Items listed in a dataset:
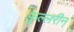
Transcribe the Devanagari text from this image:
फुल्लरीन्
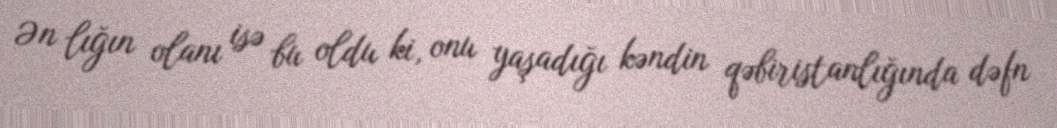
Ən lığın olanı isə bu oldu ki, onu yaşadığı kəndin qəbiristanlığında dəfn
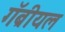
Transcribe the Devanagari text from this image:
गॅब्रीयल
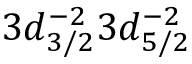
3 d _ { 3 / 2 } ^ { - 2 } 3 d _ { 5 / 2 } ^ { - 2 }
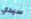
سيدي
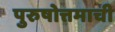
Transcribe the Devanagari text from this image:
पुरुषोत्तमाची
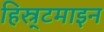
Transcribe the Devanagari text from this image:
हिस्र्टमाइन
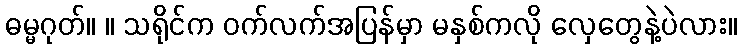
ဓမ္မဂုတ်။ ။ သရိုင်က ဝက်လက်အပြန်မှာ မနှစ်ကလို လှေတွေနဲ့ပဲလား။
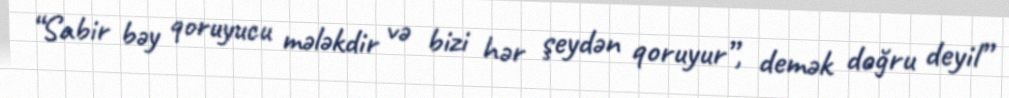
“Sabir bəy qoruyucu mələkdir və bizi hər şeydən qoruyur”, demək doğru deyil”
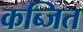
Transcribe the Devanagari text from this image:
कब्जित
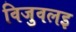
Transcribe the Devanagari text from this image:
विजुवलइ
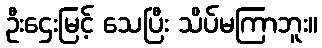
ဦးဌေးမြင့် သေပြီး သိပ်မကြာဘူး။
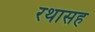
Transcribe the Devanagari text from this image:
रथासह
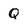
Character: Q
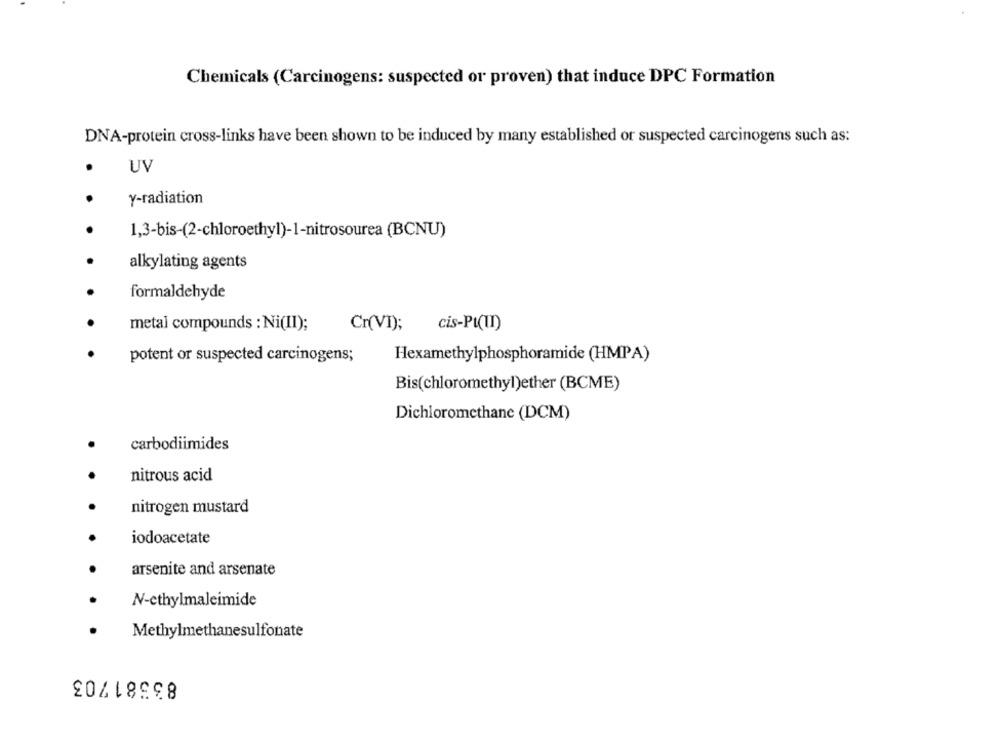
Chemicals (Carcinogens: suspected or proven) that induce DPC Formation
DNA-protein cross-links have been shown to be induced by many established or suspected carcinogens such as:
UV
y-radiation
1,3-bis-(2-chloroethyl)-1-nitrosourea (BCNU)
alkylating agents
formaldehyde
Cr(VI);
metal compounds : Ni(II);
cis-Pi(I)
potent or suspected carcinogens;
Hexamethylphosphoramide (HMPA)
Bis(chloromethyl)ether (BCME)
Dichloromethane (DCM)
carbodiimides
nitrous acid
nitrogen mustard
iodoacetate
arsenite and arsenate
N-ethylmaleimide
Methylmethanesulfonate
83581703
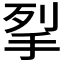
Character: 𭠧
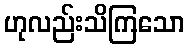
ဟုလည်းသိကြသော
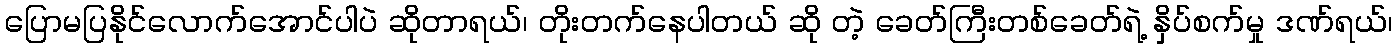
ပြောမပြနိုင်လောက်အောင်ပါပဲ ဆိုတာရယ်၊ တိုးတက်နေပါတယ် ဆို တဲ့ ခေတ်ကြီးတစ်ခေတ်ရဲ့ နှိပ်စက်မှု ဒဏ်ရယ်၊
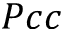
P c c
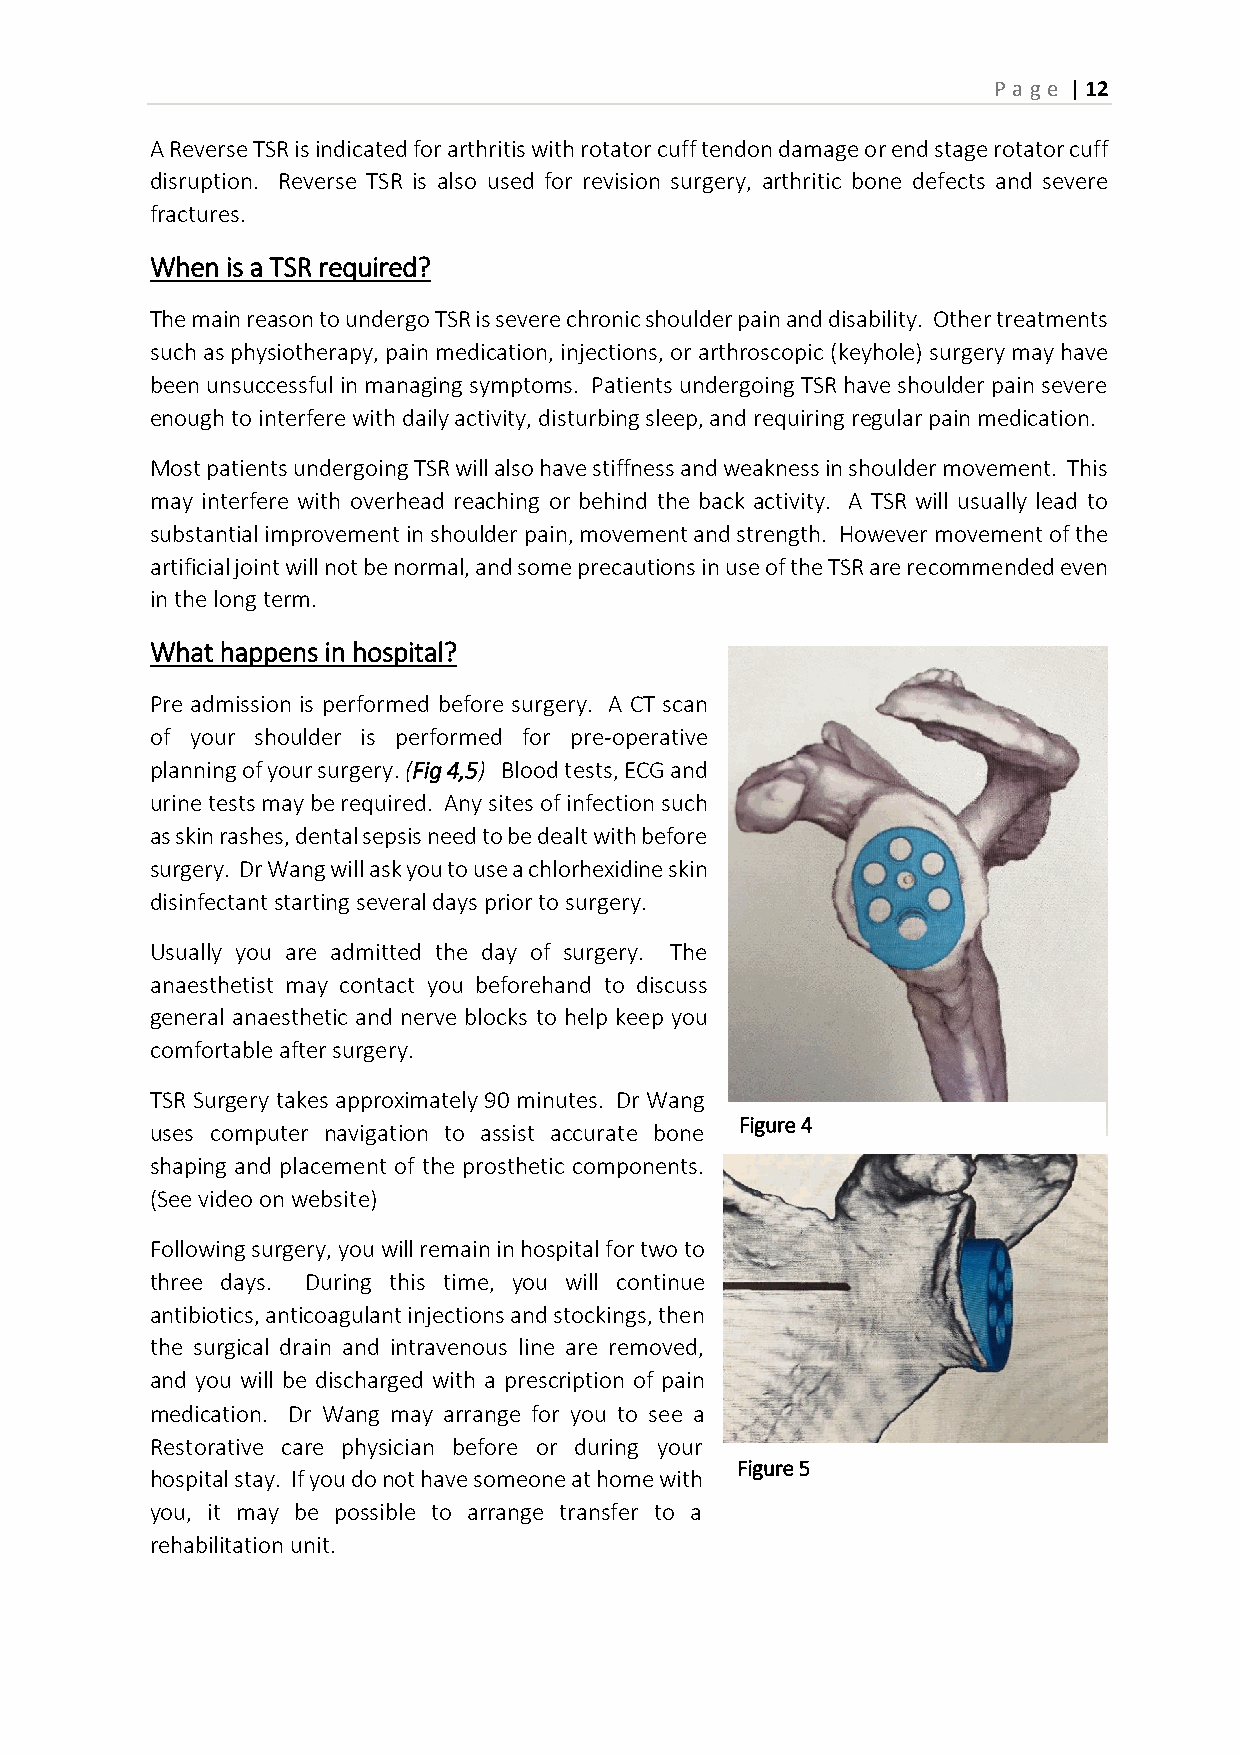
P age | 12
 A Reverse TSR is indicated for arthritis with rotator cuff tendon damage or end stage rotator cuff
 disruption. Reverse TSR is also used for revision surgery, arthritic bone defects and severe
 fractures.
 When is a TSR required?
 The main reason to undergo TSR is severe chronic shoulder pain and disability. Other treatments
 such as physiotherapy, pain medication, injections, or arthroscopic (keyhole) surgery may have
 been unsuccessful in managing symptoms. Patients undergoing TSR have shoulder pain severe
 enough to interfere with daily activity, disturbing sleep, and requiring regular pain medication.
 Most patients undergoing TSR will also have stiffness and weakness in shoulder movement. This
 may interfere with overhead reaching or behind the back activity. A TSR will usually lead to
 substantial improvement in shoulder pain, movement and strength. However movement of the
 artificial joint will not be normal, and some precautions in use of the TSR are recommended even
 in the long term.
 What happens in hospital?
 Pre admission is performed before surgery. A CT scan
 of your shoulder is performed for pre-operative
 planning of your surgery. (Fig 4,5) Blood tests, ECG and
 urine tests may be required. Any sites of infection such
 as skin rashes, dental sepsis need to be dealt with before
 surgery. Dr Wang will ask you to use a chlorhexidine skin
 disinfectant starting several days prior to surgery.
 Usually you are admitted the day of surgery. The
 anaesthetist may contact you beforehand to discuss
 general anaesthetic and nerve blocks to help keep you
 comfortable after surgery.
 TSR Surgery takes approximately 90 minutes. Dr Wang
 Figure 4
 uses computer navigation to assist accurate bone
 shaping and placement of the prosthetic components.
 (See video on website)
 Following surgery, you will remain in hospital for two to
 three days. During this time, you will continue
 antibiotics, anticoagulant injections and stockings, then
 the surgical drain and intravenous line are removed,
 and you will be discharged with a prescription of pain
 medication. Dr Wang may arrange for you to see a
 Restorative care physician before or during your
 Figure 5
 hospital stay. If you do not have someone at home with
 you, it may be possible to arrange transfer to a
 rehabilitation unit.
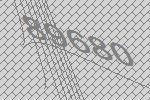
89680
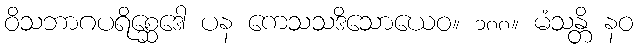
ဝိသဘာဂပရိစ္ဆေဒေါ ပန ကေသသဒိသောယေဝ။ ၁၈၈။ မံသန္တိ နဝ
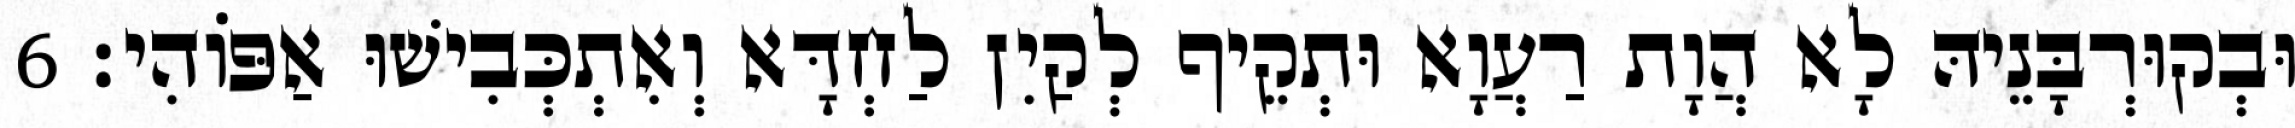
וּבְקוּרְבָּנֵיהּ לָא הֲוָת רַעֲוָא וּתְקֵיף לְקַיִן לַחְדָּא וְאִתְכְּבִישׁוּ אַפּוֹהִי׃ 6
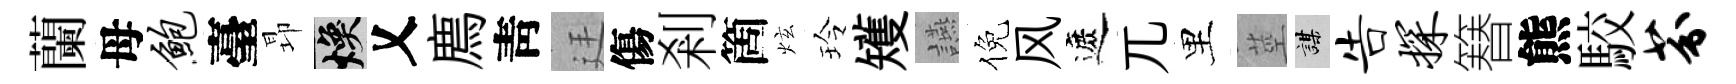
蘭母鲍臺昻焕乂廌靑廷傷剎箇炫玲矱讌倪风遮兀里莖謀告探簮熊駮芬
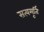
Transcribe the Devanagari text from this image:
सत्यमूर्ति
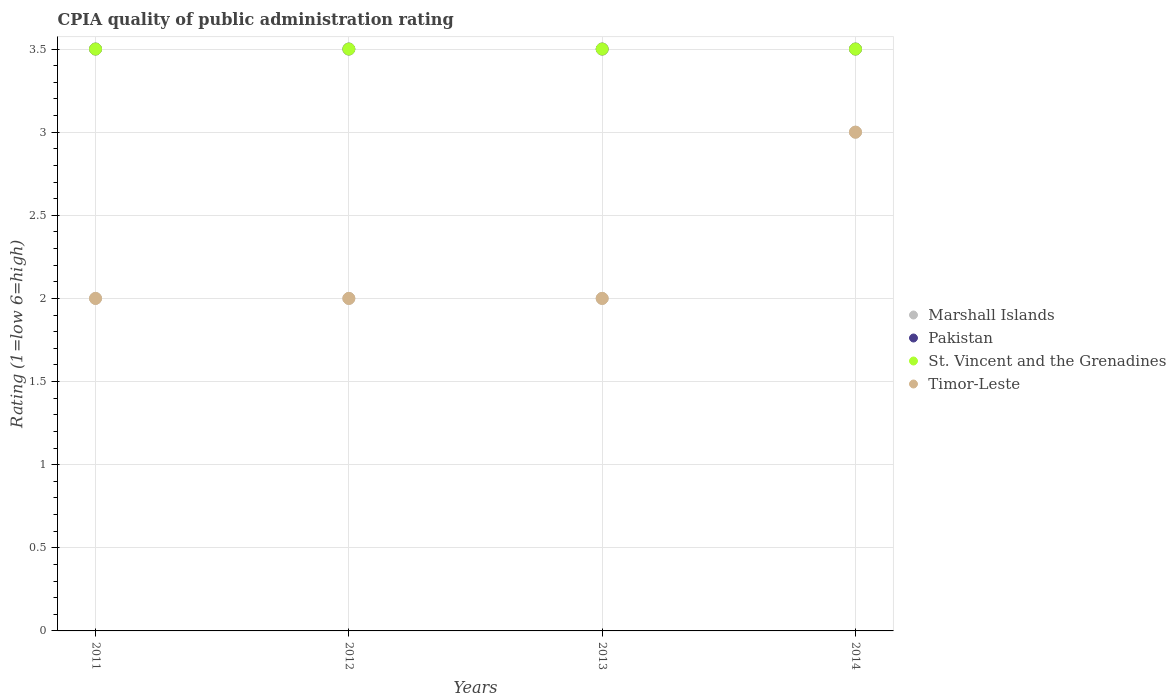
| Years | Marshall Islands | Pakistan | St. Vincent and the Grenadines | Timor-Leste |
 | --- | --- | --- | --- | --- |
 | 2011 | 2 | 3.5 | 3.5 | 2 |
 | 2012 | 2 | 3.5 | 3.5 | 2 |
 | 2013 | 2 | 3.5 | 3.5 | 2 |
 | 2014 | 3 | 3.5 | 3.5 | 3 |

WORK REQUIRED: Please return every line in the data that includes the string "also".

SOLUTION FOR THIS TASK:
 disruption. Reverse TSR is also used for revision surgery, arthritic bone defects and severe
 Most patients undergoing TSR will also have stiffness and weakness in shoulder movement. This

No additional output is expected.